Hábito


     A mulher de Jorge arranjara um part-time que a ocupava todas as manhãs. Jorge decidiu portanto confiar os seus dois filhos de tenra idade a uma ama que morava a dois quilómetros da sua casa. Todas as manhãs Jorge levaria os garotos até a casa da ama e viria buscá-los à tarde depois do trabalho. Há dois anos que todos os dias, às oito e meia, Jorge ia regularmente de carro para o escritório, que ficava a três quilómetros do seu domicílio.
    Na primeira manhã, Jorge preparou-se para levar os filhos à ama. Às sete e trinta meteu os dois miúdos meio adormecidos no carro e partiu. Dez minutos depois encontrava-se no parque de estacionamento do seu escritório e, assobiando, ia para fechar a porta do automóvel quando, estupefacto, deu com os dois pimpolhos deitados no banco de trás. Por hábito, tinha conduzido a pensar noutra coisa e estava no escritório e não em casa da ama dos miúdos. Este erro repetiu-se várias vezes no mesmo mês.
    A existência do hábito é aqui inegável.
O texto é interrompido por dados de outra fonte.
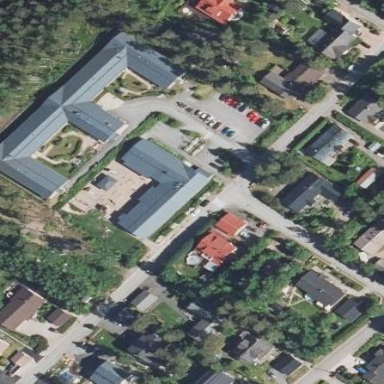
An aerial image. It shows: Building.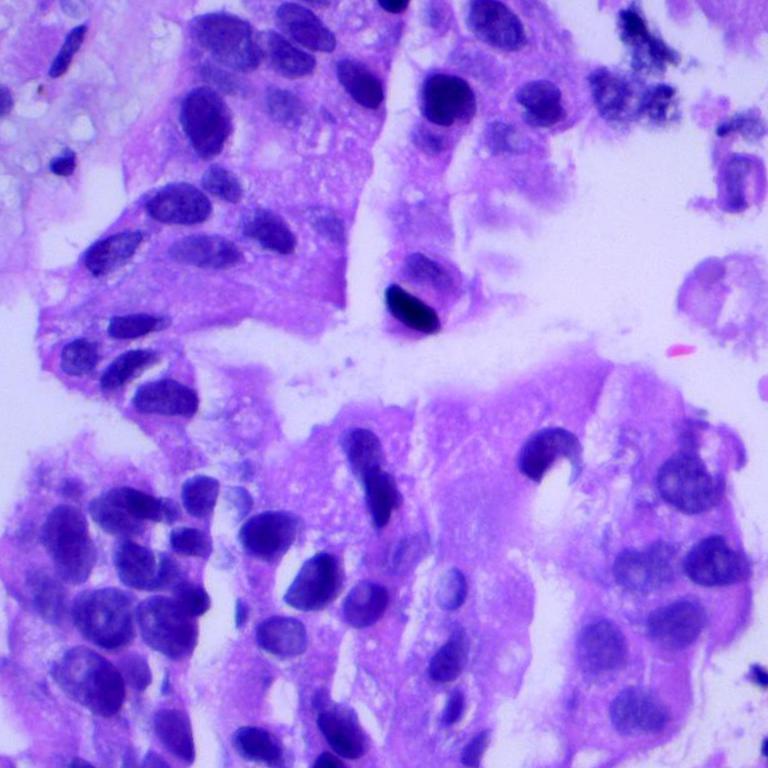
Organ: lung
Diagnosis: adenocarcinomas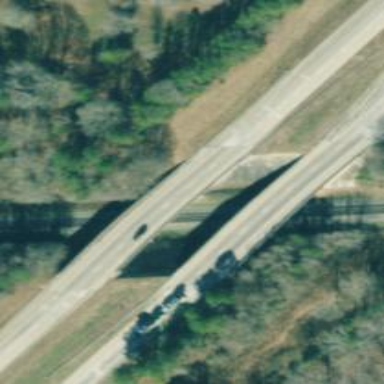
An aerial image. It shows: Trunk highway bridge.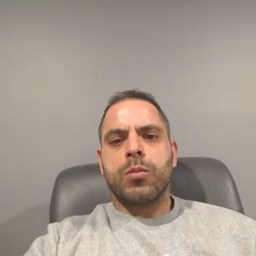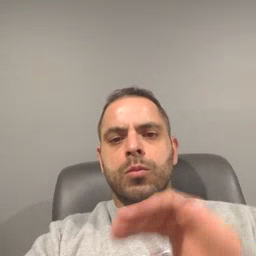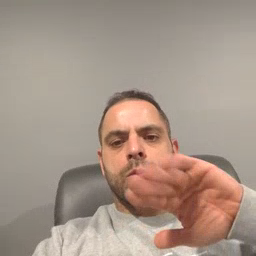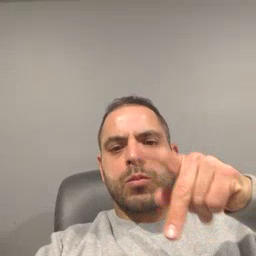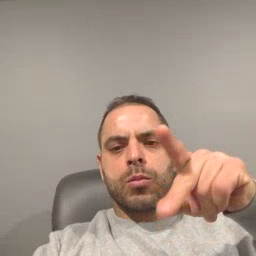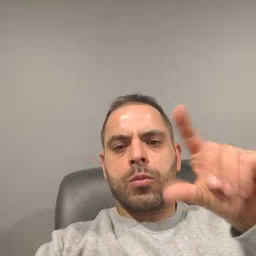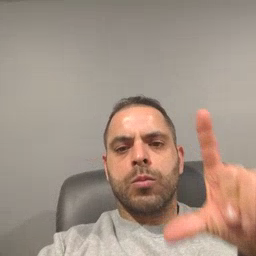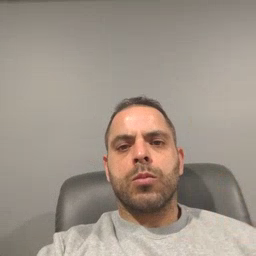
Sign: pool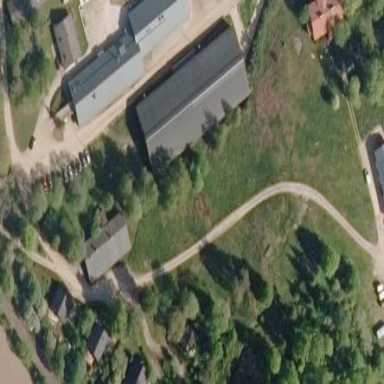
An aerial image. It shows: Manege building with gabled roof.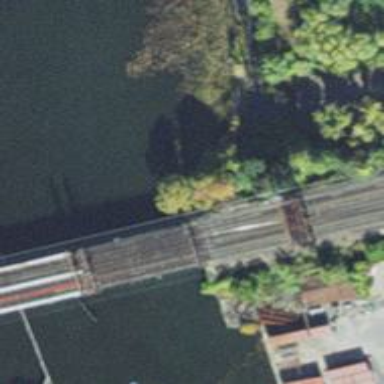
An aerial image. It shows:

Mas este hábito que levava Jorge até ao seu escritório, independentemente da sua vontade, poderíamos mesmo dizer, não será também uma manifestação da sua memória? 
    Se reflectirmos nesta forma de memória apercebemo-nos de que é difícil traçar a fronteira exacta entre o campo em que o hábito pode ser considerado como memória e aquele em que já está dela dissociado.
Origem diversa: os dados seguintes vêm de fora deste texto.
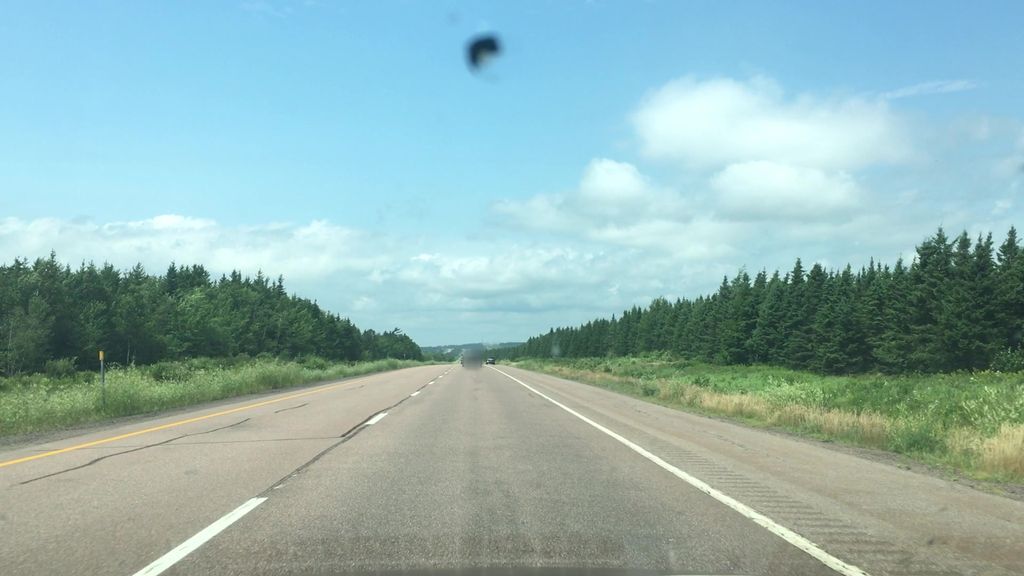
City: charlottetown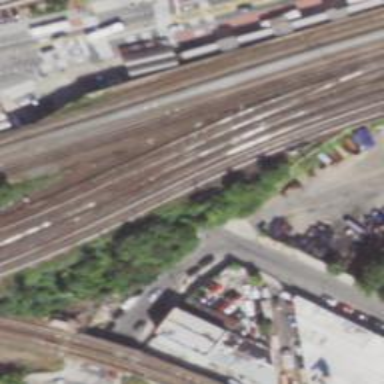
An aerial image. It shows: Electrified railway line.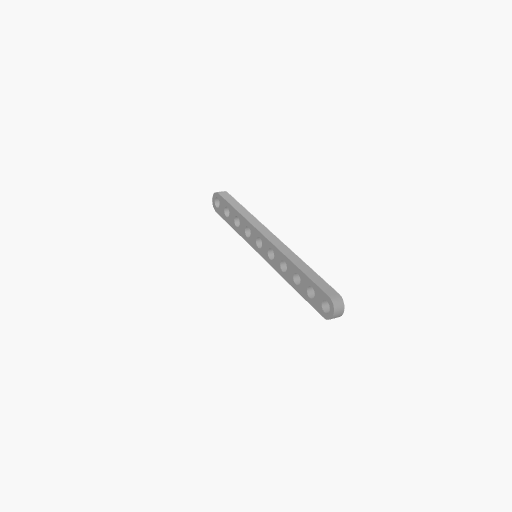
Part: FlatBeam10H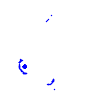
Particle: pion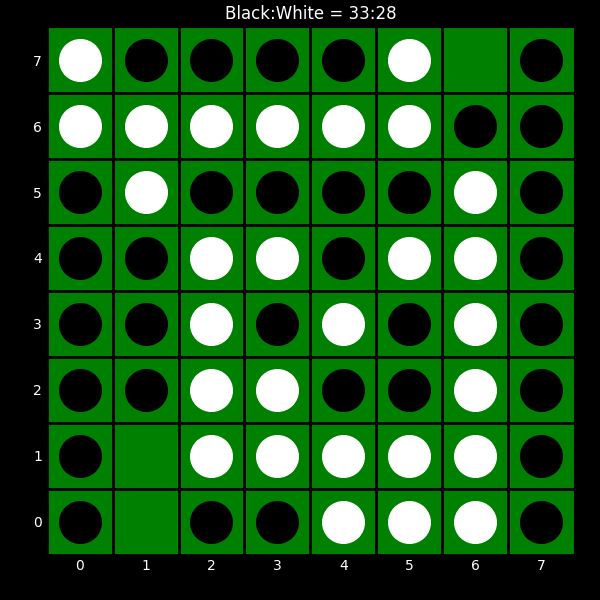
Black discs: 33
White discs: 28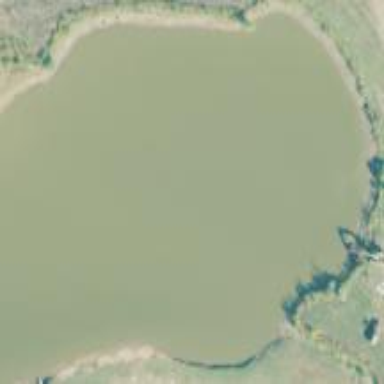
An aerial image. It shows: Peaceful pond surrounded by nature.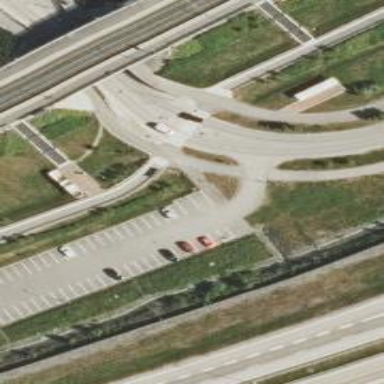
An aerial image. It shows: Asphalt cycleway with crossing.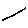
Label: line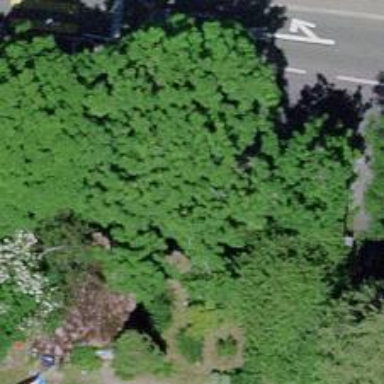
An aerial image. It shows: Avenue of trees.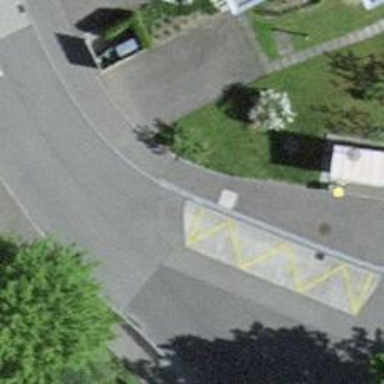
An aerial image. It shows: Platform with shelter for public transport.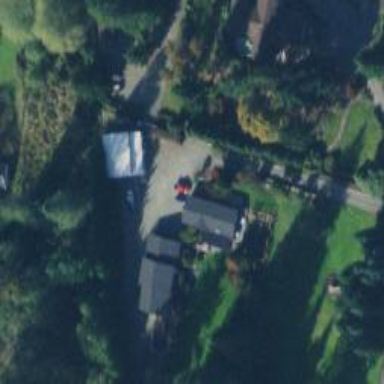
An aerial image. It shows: Driveway.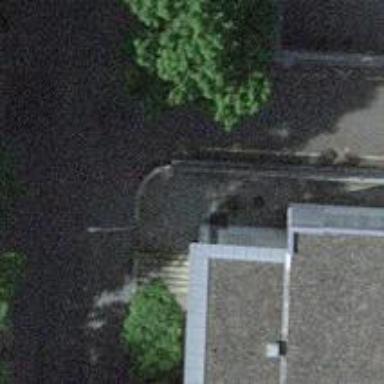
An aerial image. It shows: Retaining wall.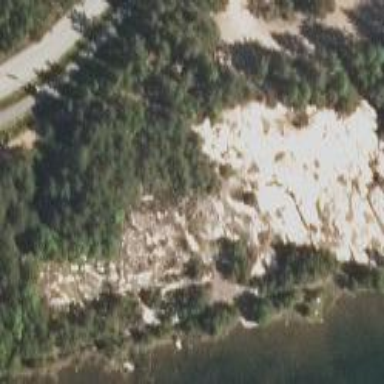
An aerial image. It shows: Landscape of bare rock.
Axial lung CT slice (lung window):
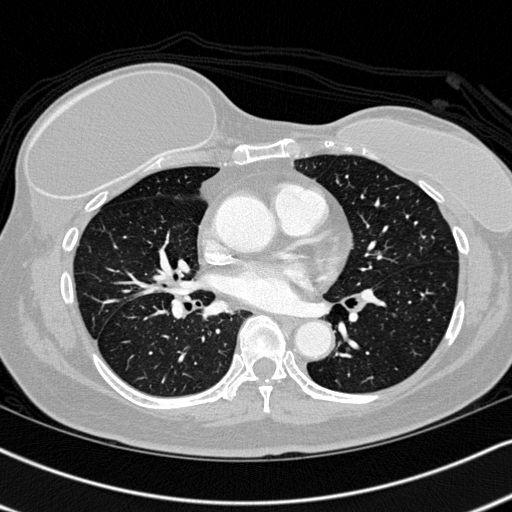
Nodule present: no

   Parece que o hábito duma repetição motora dos gestos e que a memória de hábito seria a persistência de estados de consciência habituais.
   Veja bem a diferença essencial entre o hábito e a memória. Do lado do hábito, uma actividade automática de rotina, diríamos mesmo cega; do lado da memória, uma persistência de estados de consciência conhecidos, pensados e repensados. Existe assim oposição entre o plano das acções, ou seja, a disposição para agir, a persistência das disposições funcionais, e o plano de ideação, que formula os hábitos representativos.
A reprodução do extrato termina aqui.